Speaker
Description
A Loss of Coolant Accident (LOCA) in a nuclear reactor, where coolant levels drop significantly, can lead to core overheating and hydrogen generation through chemical reactions between the hot zirconium cladding and water. However, LOCA is not the only scenario where hydrogen production becomes a concern. Severe overheating, core melt scenarios, and even the radiolysis of water by intense radiation can also lead to hydrogen buildup within the reactor containment. Rising hydrogen concentrations present a significant explosion risk, as evidenced by historical accidents such as Three Mile Island and Fukushima-Daiichi.
To mitigate these risks, modern reactors are equipped with hydrogen management systems like Passive Autocatalytic Recombiners (PARs) and hydrogen igniters. However, during a reactor accident, hydrogen production can increase rapidly, pushing these devices to their operational limits.
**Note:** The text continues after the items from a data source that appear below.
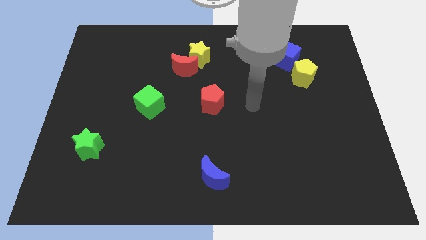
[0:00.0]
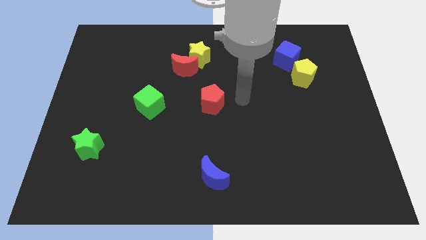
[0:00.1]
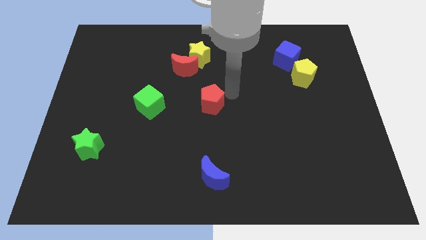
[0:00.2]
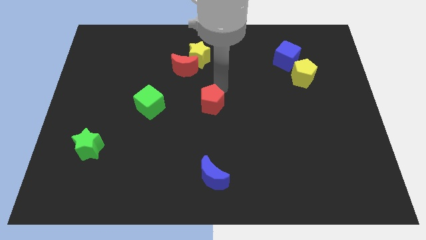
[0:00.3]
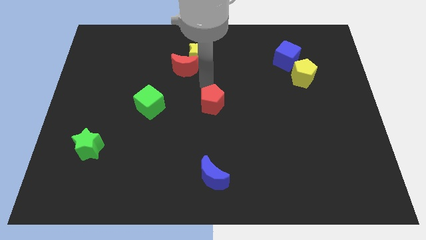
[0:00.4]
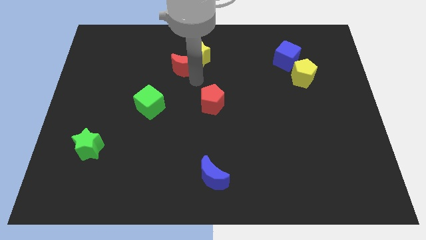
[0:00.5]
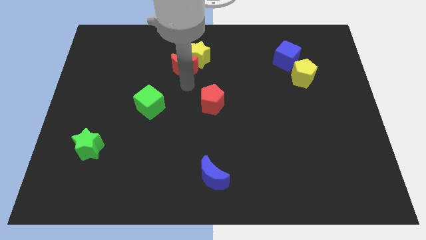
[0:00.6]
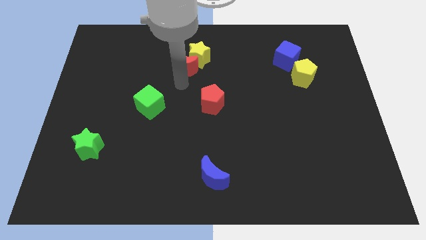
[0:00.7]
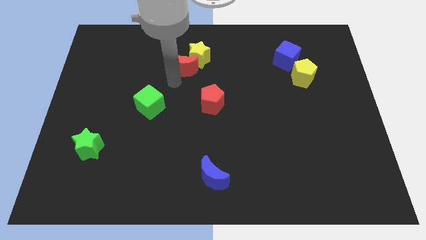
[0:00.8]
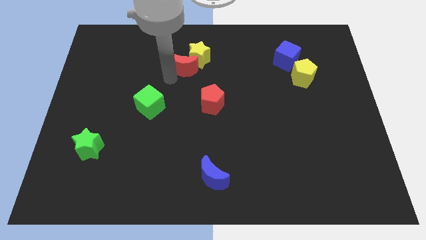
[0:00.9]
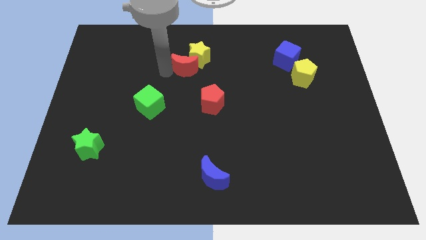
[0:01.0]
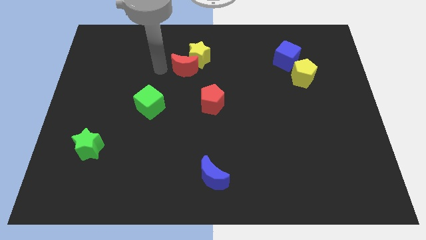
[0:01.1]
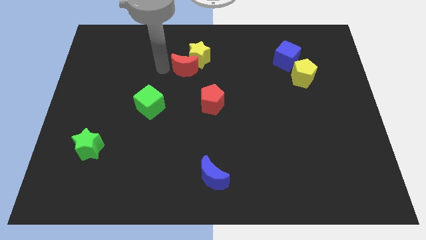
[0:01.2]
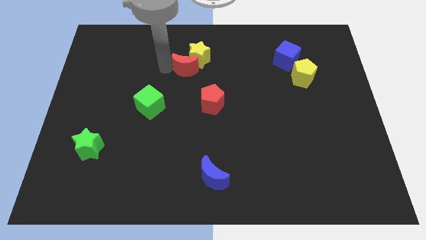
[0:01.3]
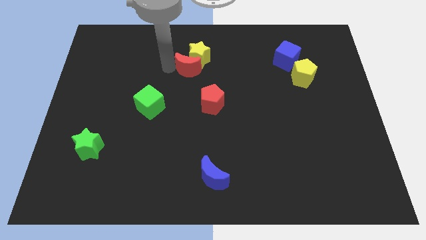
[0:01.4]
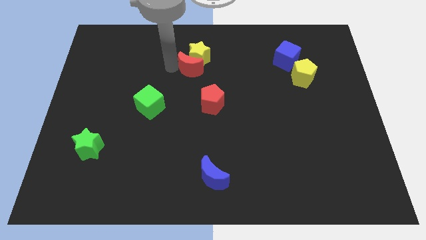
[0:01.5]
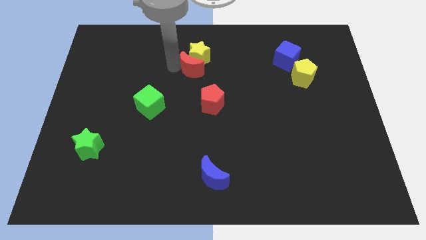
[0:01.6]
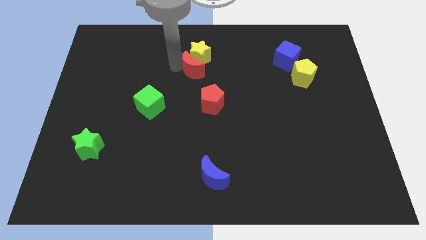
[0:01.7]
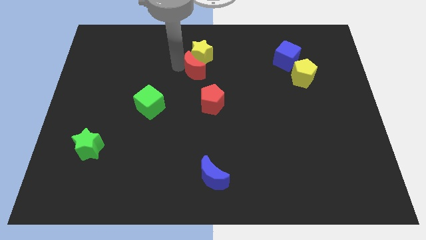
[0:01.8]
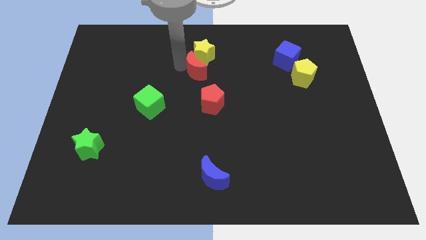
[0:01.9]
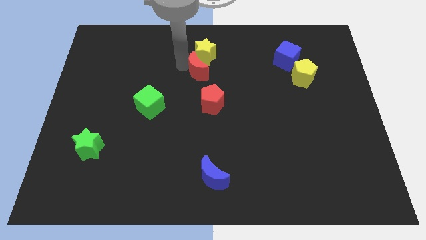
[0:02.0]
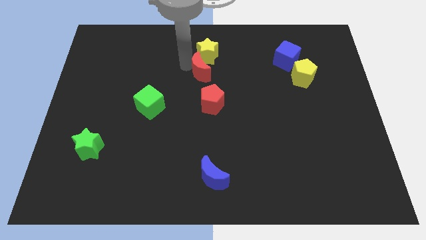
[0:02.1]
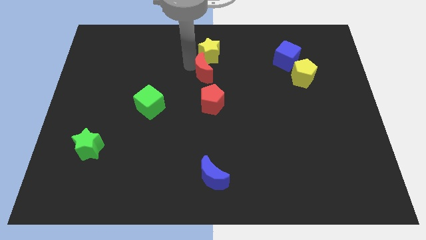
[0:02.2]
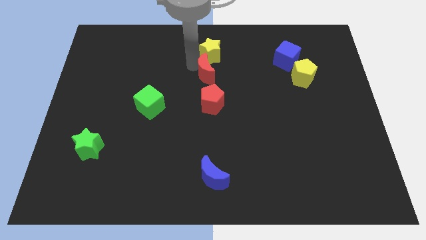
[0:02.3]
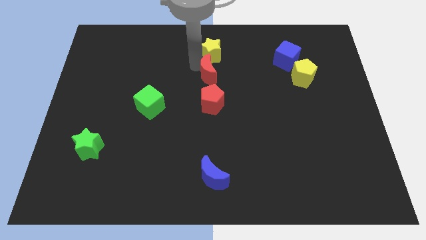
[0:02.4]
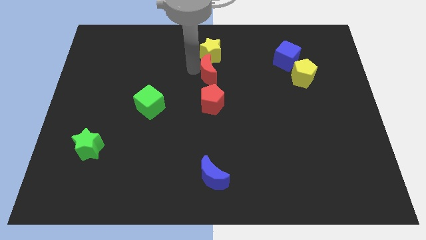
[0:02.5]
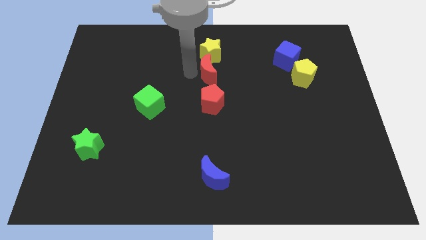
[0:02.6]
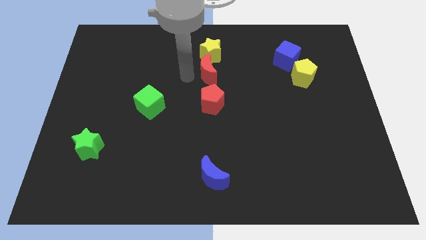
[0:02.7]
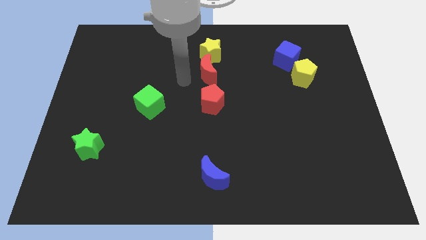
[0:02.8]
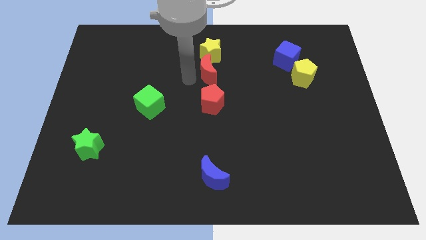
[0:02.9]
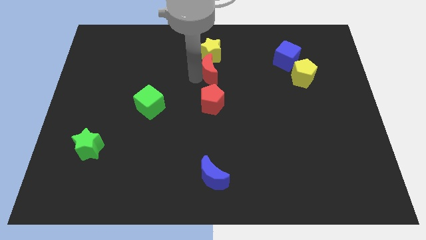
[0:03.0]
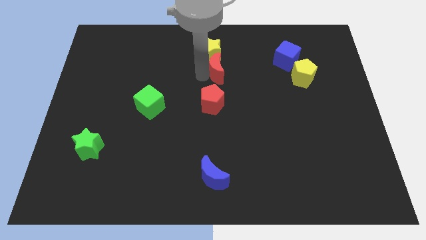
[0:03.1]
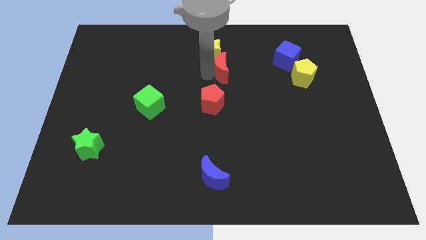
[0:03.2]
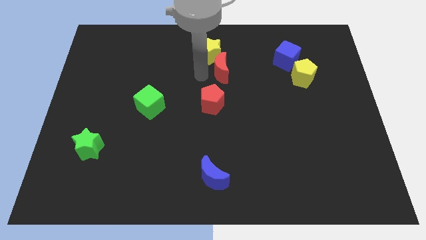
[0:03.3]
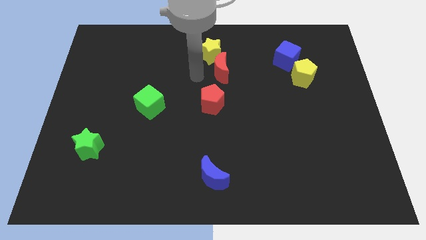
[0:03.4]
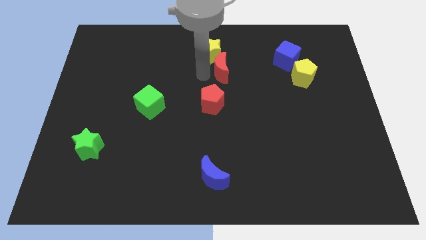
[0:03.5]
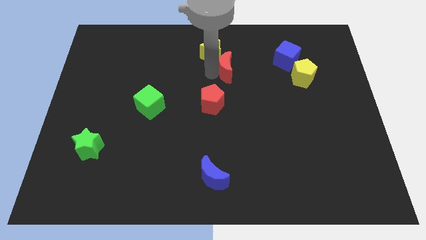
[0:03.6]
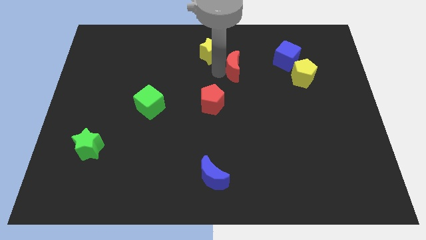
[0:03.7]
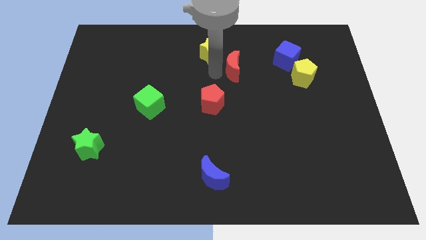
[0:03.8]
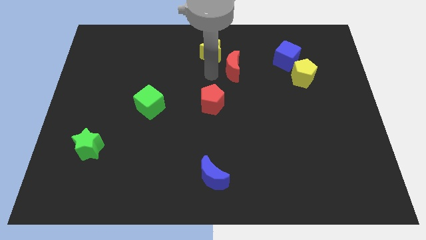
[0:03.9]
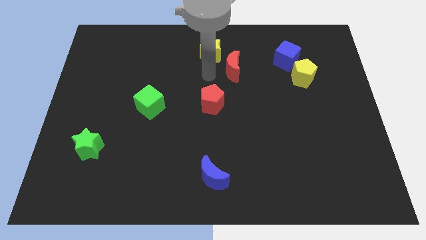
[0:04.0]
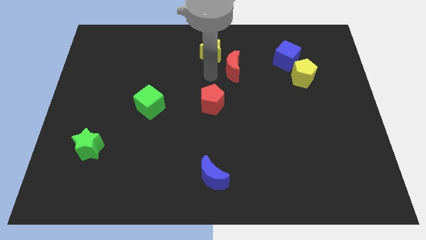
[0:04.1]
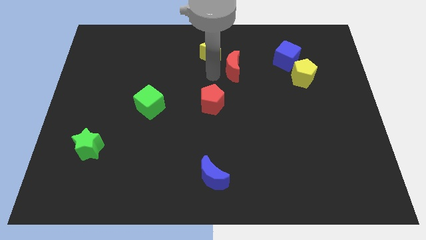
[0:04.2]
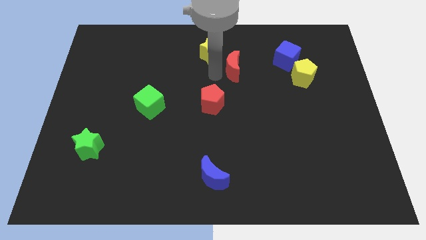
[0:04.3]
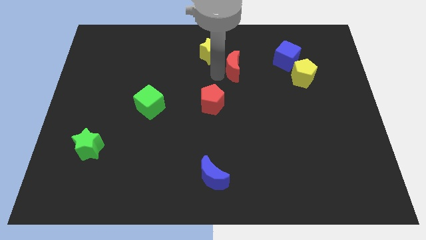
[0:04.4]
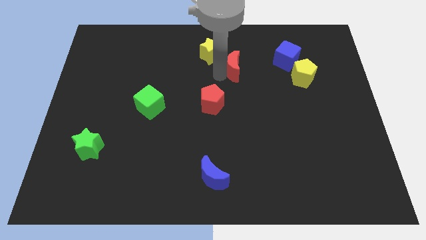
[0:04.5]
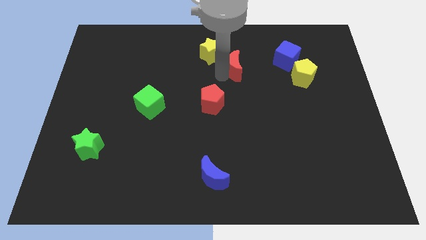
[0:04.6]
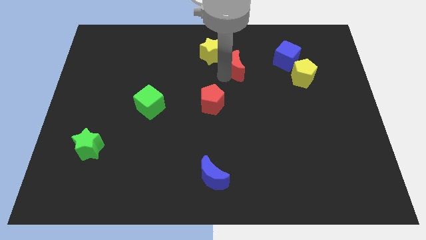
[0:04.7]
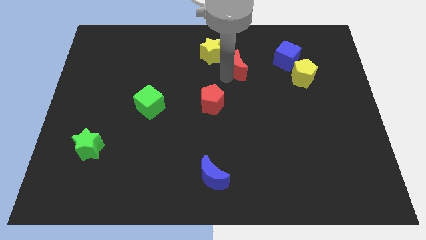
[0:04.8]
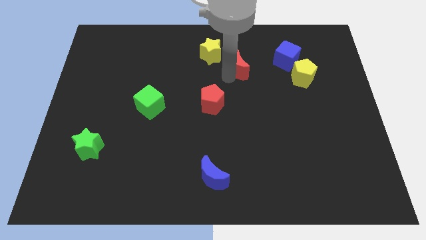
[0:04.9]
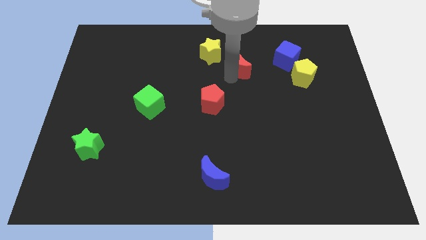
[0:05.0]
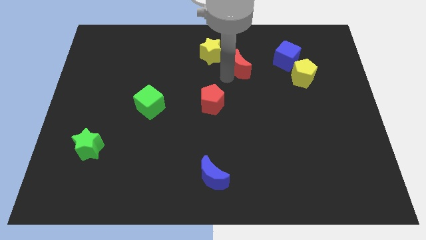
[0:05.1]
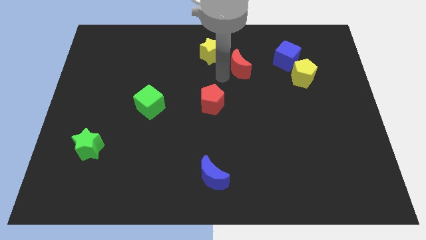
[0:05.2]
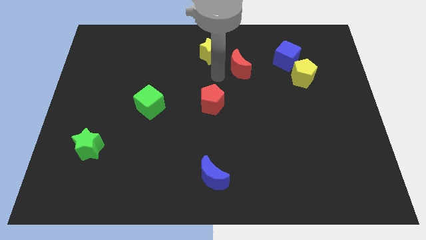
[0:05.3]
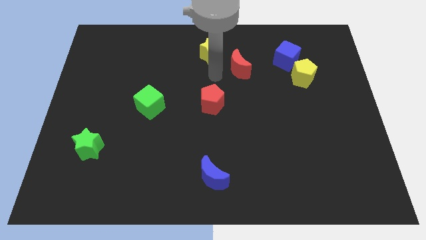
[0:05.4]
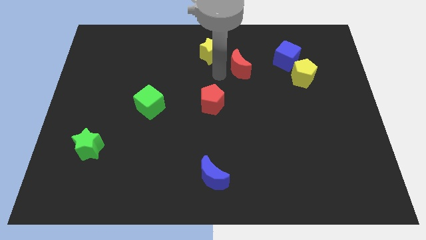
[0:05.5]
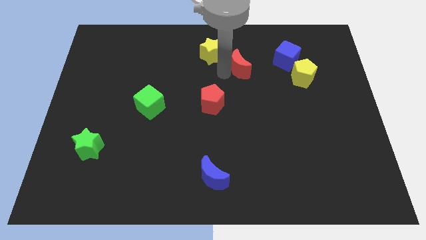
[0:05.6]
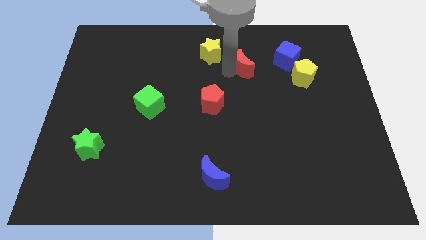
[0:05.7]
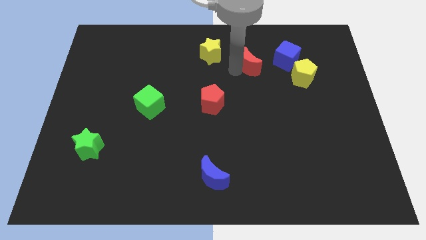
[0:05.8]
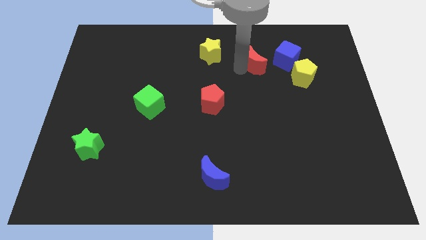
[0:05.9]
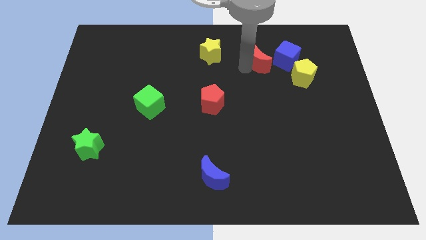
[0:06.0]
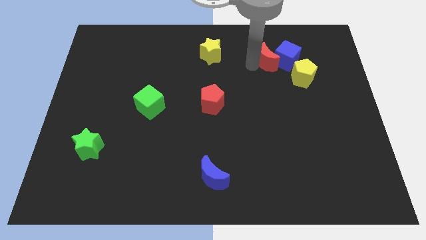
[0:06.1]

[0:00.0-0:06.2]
push the red moon close to the blue cube

Additionally, high temperatures and elevated steam levels can contaminate and reduce their effectiveness. This limitation is particularly concerning in reactor accidents, where hydrogen accumulation can potentially compromise reactor containment.
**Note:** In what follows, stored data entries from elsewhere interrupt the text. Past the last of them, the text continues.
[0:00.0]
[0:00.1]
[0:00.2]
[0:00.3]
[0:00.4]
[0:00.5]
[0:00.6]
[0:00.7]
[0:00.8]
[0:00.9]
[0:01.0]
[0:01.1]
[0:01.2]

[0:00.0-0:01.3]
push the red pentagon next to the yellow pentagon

In this work, we present a highly efficient approach developed at the CEA to improve current hydrogen management systems. This passive technology uses autocatalytic amplification to significantly accelerate the hydrogen recombination process. Advanced materials are also employed to enhance the active surface area, greatly increasing reaction rates and enabling efficient recombination even at low concentrations of hydrogen and oxygen. These materials can withstand high radiation levels and temperatures up to 500 °C, providing a more robust solution for managing hydrogen-related risks in severe reactor accident scenarios.